No one appreciates the love of their family and small town life until they find themselves out of it and making their way in the big wide world. Adventure awaits the Martin family as the older boys, Joe, Peter, and Francis leave their small town of Galloway to go to college. Joe decides against college and instead becomes a truck driver travelling the united states. Peter is the star football player at high school and despite his worries of being a little fish in a big pond now, he makes the university team. Soft spoken and sickly Francis is not the sports type which doesn’t exactly make him popular with his sports obsessed family. He finds himself being sucked into the literary circles of the big city when he leaves for university.
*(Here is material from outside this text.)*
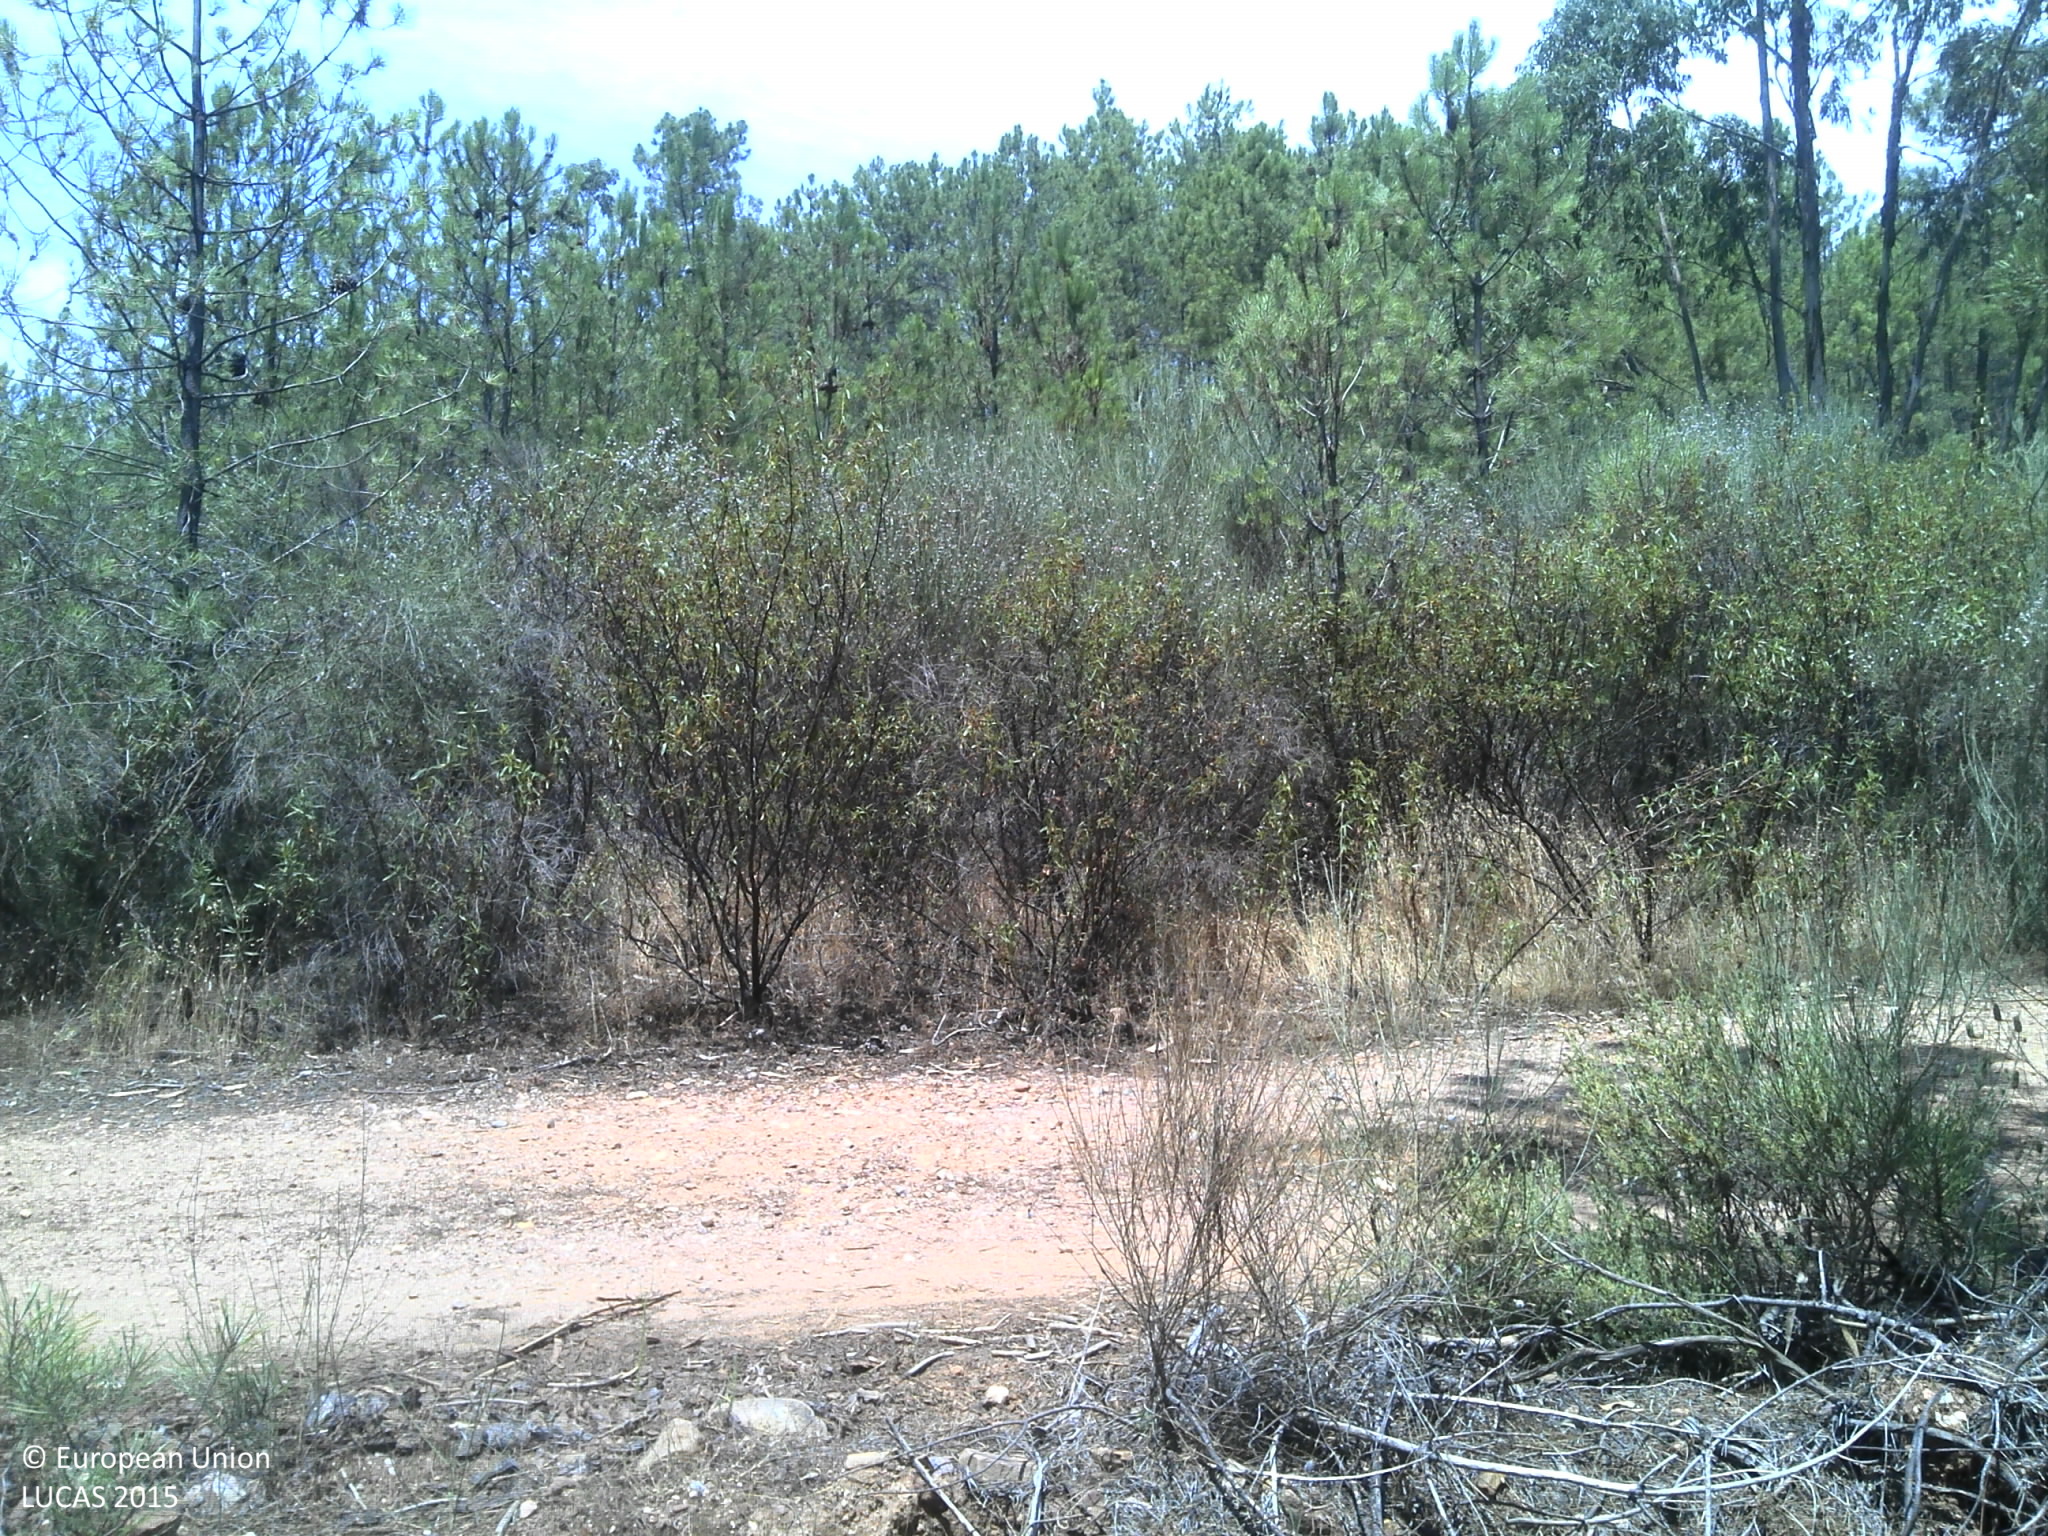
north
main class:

This is a really long book and the problem I had with it, is that it takes so long for anything of value to happen it became a chore to read. There is an extremely long back story to each character in this book and so much unnecessary information is given that I feel like I am just spying on a family in their day to day lives. Ordinary conversations that does nothing to further the plot reigns supreme in this portrait of small town life. I really thought I would like this one because Kerouac is such a well known author and I grew up in a small town and thought I could relate.

I gave this book a 3 out of 5. For me, this book never really delivered after the slow and monotonous lead up. It is very much suited to a previous time when people were in a slower mindset, when slow build up was the norm. Because of the generational gap I never felt like I related to any of the characters or cared what happened to this. I was disappointed and have crossed Jack Kerouac off my list of authors to read more of.
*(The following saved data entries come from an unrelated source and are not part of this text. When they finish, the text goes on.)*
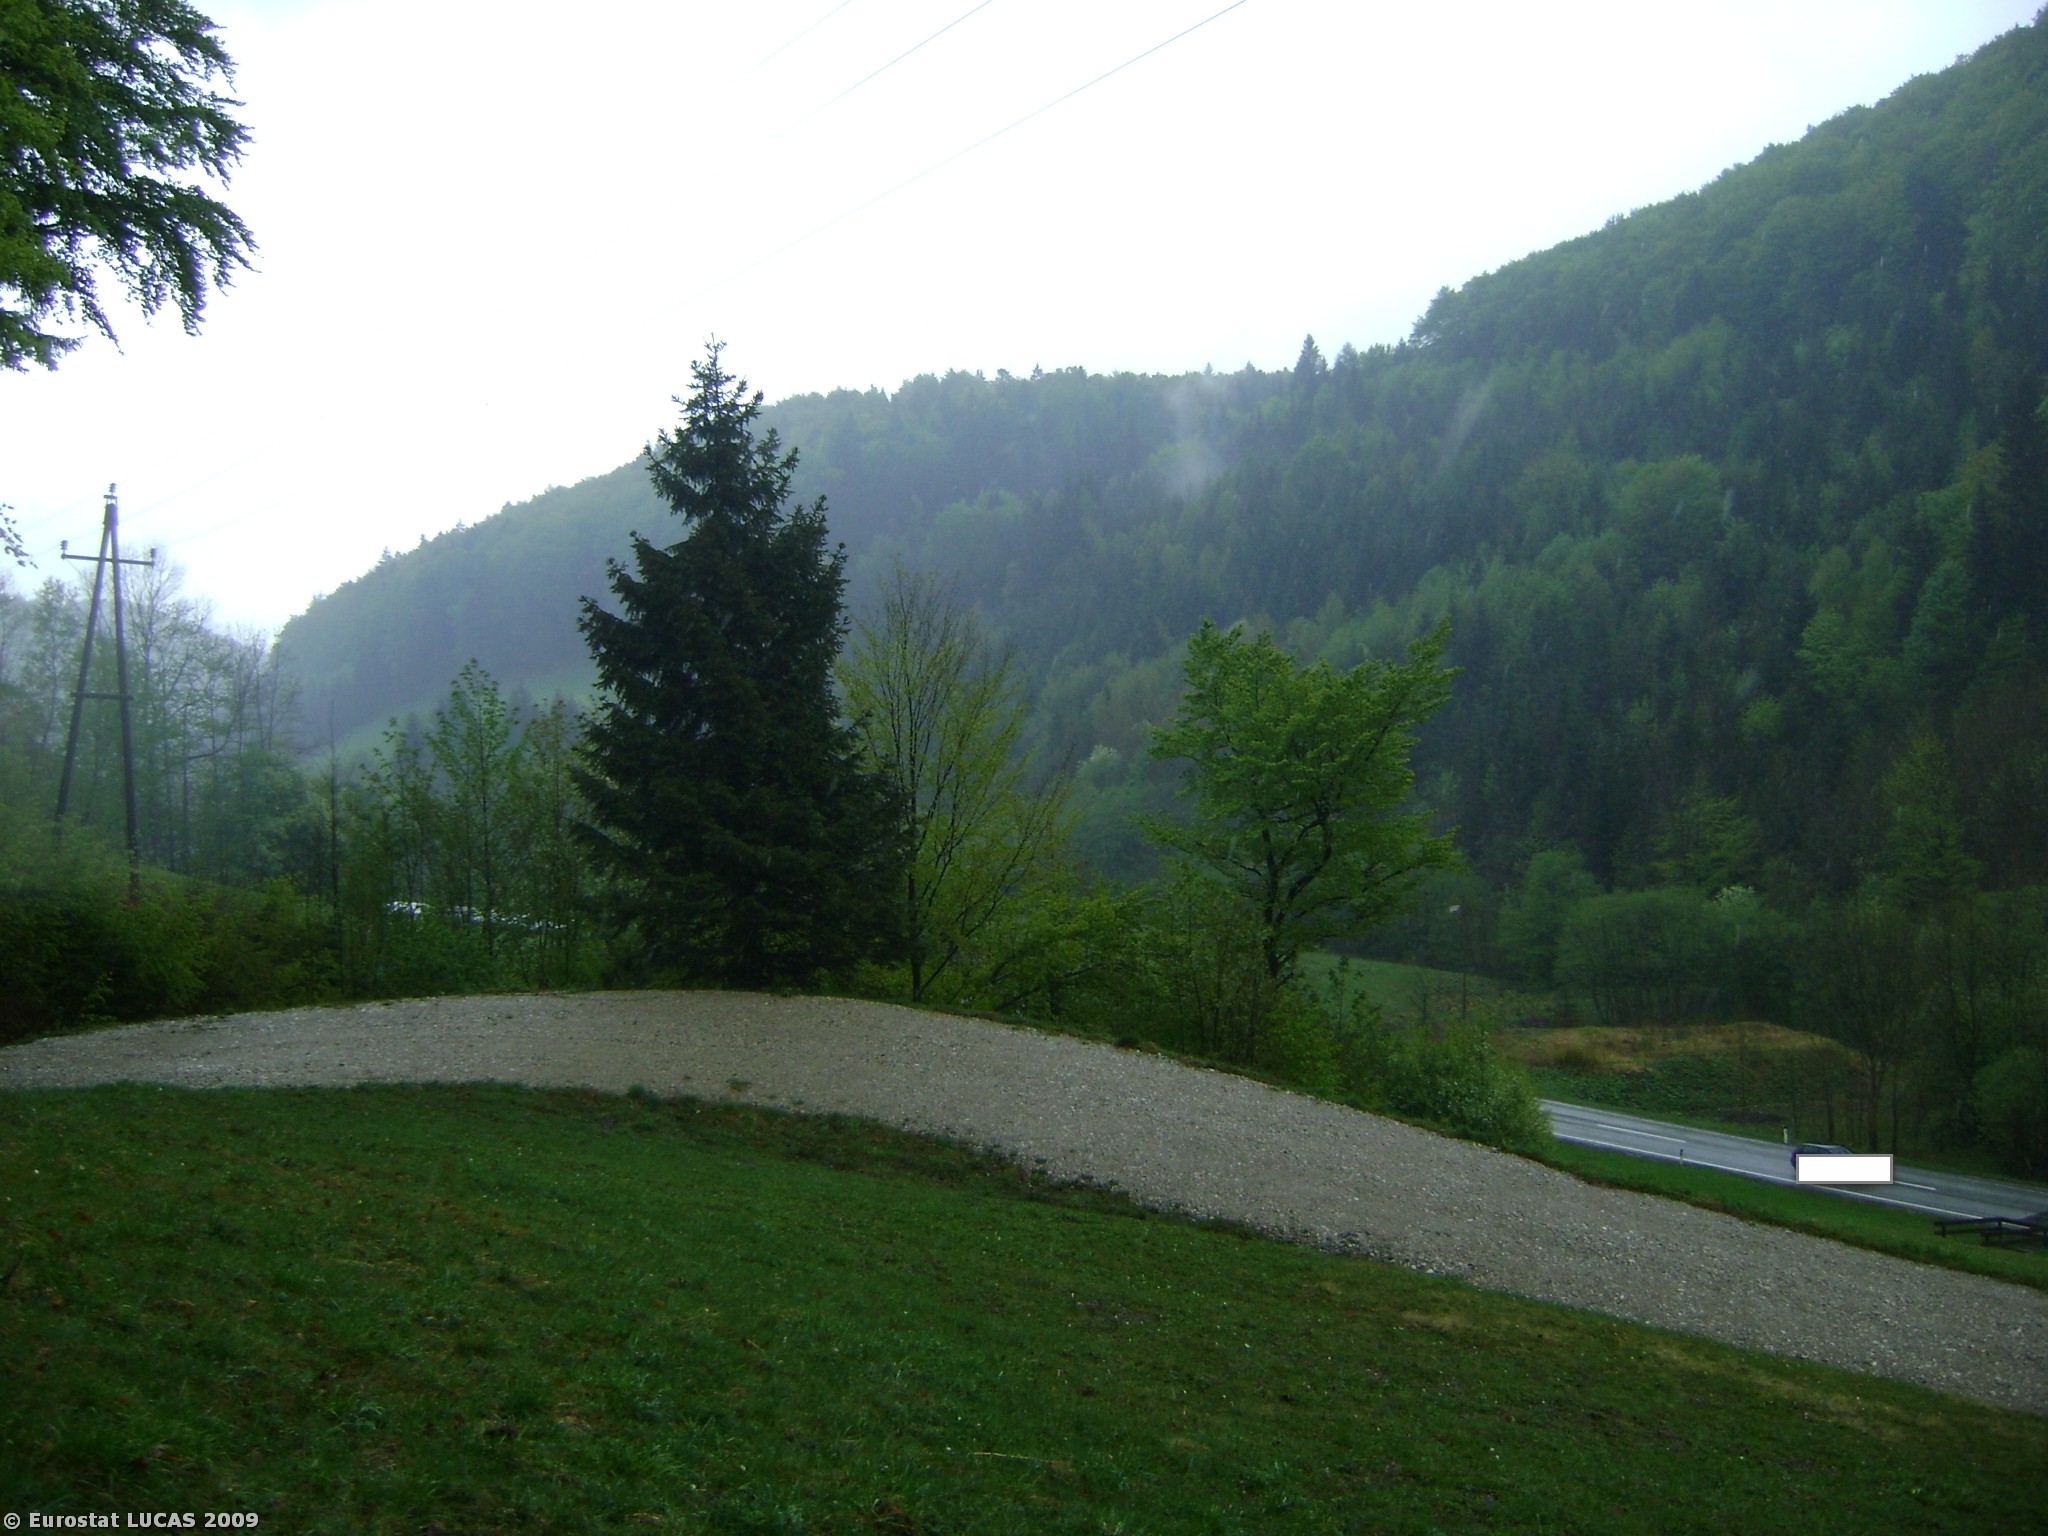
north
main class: Grassland
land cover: Grassland without tree/shrub cover
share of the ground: > 75 %
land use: Agriculture (excluding fallow land and kitchen gardens)
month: May
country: AT
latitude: 47.7976
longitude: 13.2429

A Review of Society Builders by Anthony Puyo

I was gifted this ARC by the author in exchange for a fair and honest review. As an advanced copy it is also a pre-edited edition.
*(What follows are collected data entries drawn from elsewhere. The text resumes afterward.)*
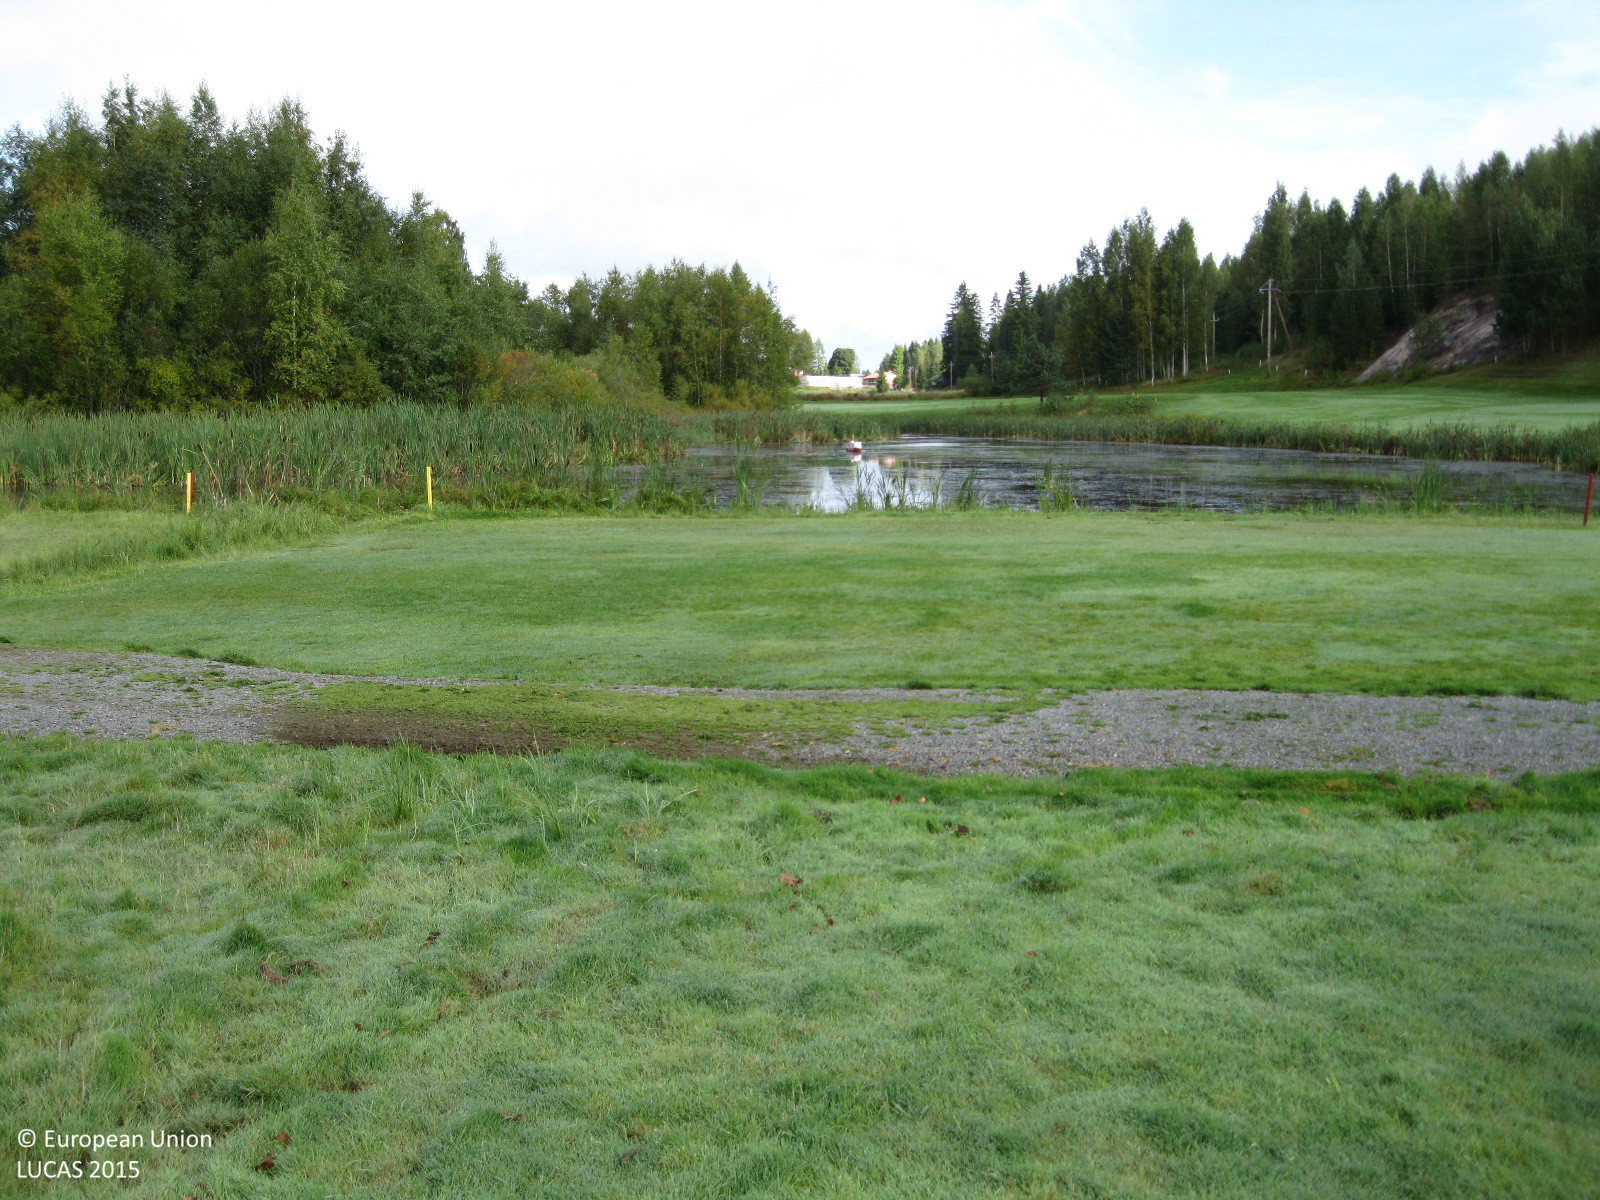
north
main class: Grassland
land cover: Grassland without tree/shrub cover
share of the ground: > 75 %
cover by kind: herbaceous plants 100 %
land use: Sport
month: September
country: FI
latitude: 60.5001
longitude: 24.5815

Society Builders is a science fiction account about a world on the cusp of total technological immersion. There are no more cell phones. Citizens now have usb style chips ported directly into their brains. This allows them to access the entirety of the internet with just their thoughts, including calling and messaging others- all from their brains. Jason Mendes works for the company powering this endeavor, Matson Cybertech. But he is also a double agent working on getting intel for his true allegiance, PAC, an organization developed to stop what they view to be a breach of ethics and morality. Matson’s latest edition, The Thin Chip, may have more behind it than just to bring together humanity- something much more nefarious.

I’ll start with my only real criticism and I don’t want to say much so you can make your own decision once you’ve read it. I really didn’t like how the relationship between the love interests in the book played out. I wanted more and I also thought more time could have been put into developing their relationship. It was sudden and very quick.

On the whole, I quite enjoyed this one. I’m a big fan of sci fi, especially that dealing with future societies and the toll technology can take on them. The thing that really impressed me with the whole concept of the book is how real it seems and the way humanity is evolving alongside tech. In a lot of ways, this story is kind of prophetic and because of that also truly terrifying. I found many similarities and parallels to our current society and the technology we are already trying to develop. Jason is a great main character, he’s passionate about the morals his dear grandmother instilled at him and he doesn’t sway from those even when confronted with things like love and as an every man type he’s relatable.

I recommend this book to any fan of sci fi. If you like things like the Terminator franchise, this will appeal to you. There’s a lot of action and after the first few chapters I couldn’t put it down. I give this a 4.5 out of 5. This was without taking the editing mistakes into account because the author made it clear this was pre-editing review copy. I gave it this score because I really enjoyed the plot but I thought there were a few things that needed more development and I don’t care for how the romantic sub plot played out.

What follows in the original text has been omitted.